It is hopefully self-explanatory…
NOTE: click to enlarge
Trip has been operating for over 15 years and I can easily say we have arrived at the most significant breakthrough yet. It is still in our ‘labs’ section and still has much work to do before being rolled out. But, the path is clear and, finance aside, there is no reason why we can’t produce a significant increase in search performance.
In search a really important concept is intention. So, when a user searches they may add 2-3 search terms but what are they thinking about when they use those terms? For instance, and this is a true story, I showed Trip to a Professor of Anaesthesiology and asked for his views on the site. He came back saying that he was unimpressed! The reason – his interest was in awareness (as in, when a person is under anaesthetic are they truly anaesthetised or may they be aware) and when you search Trip for awareness you get lots of results, mostly on things like the awareness of public health messages! Another example I use to illustrate the point is the search pain. We return the same results whether the person is an oncologist or a rheumatologist – which to me is ridiculous – as the intention is likely to be significantly different. But, to date, there has been no good solution.
The below image (click to enlarge) shows a breakthrough.
In the image above there are 4 sets of results for the same search antibiotics. This is a test system and not based on the real Trip results. However, on the left-hand side we have the normal/natural results for the search antibiotics in the test system. In the top right set of results the natural results have been reordered based on the clickstream activity of the users of Trip, those who have not logged in (85%). At the simplest level this promotes results that have been clicked on and relegates those that have not been clicked. It really is more complex than that – but I hope you get the point!
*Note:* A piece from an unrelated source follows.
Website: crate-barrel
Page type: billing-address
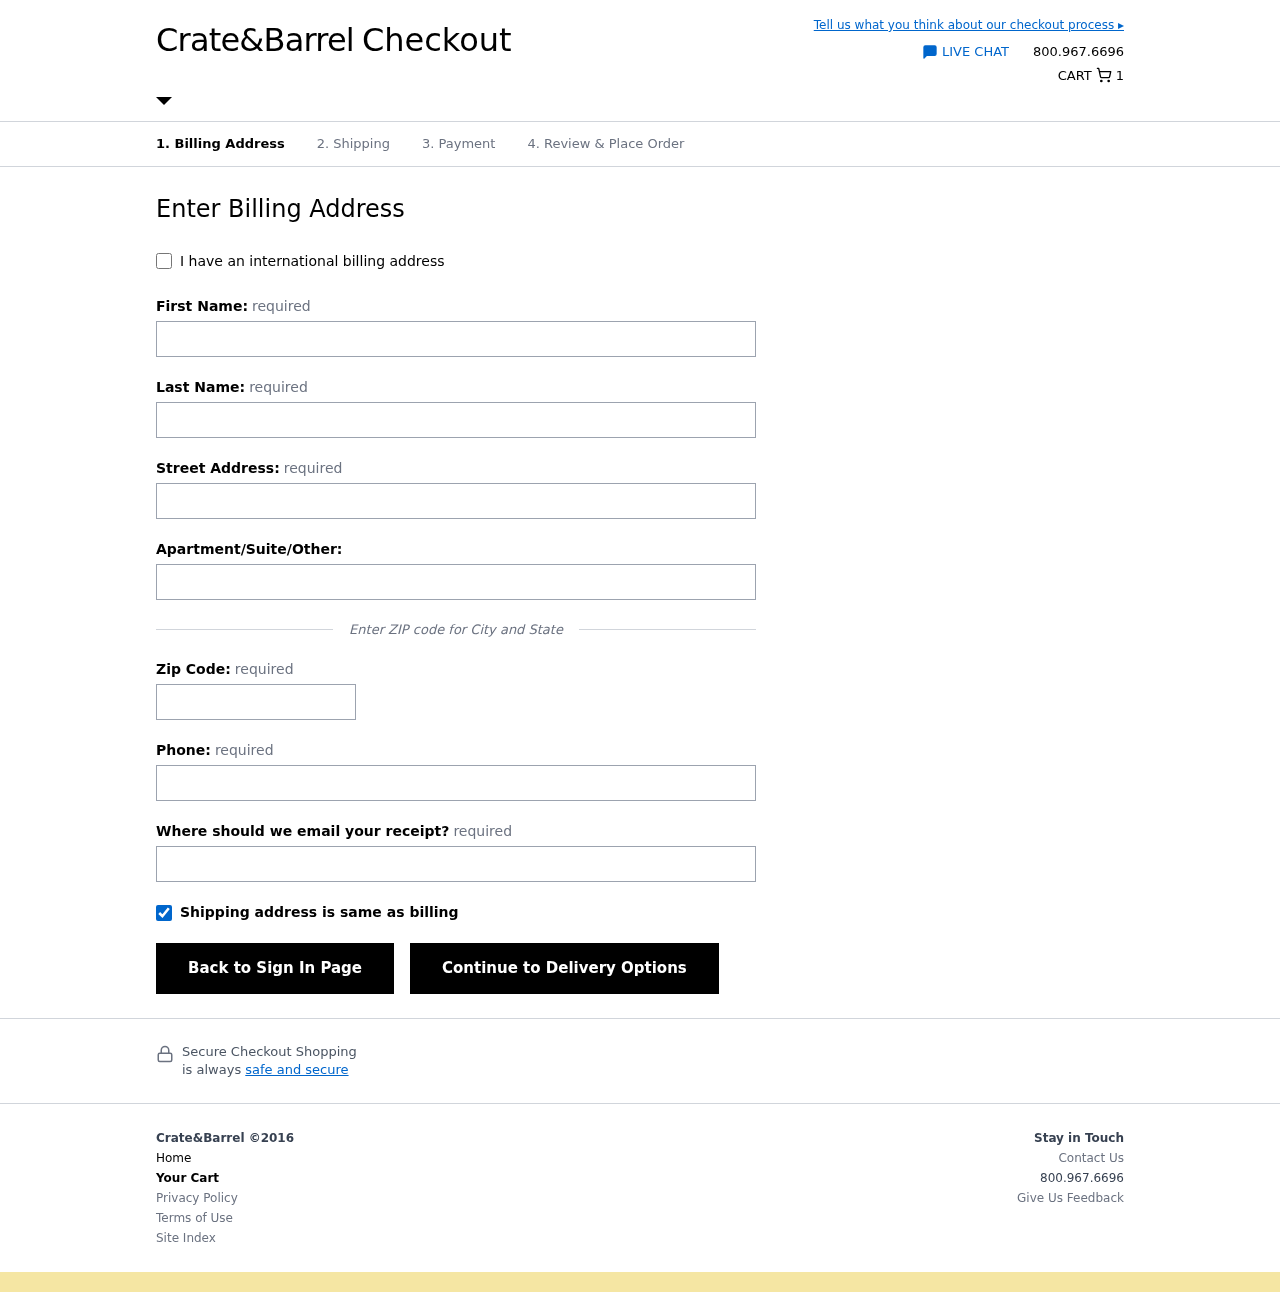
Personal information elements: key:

But the bottom right is where the magic it. Even though it only accounts for 0.2% of the activity, we have reordered the results based on the clickthrough activity of dentists. There are a few erroneous results, but I’d like to think you can see the effect – dental articles are promoted.
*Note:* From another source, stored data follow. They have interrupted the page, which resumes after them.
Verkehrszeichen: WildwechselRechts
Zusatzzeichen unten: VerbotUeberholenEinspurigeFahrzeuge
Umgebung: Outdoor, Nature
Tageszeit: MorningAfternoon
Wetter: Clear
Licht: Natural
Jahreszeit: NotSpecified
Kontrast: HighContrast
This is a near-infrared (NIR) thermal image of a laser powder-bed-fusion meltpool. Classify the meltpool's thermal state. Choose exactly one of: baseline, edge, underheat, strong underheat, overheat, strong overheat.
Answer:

So, the effect of this is that – when we eventually roll out the system – and we know the user is a dentist we improve their results based on the previous activity of other dentists. The reality is that this technique will work with any speciality and profession.
There are a few issues, the paucity of data is the biggest and we have two significant ways of tackling this:
Oh yes, we’ve even figured out a way to mitigate the effects of filter bubbles.
This really has been a good few weeks.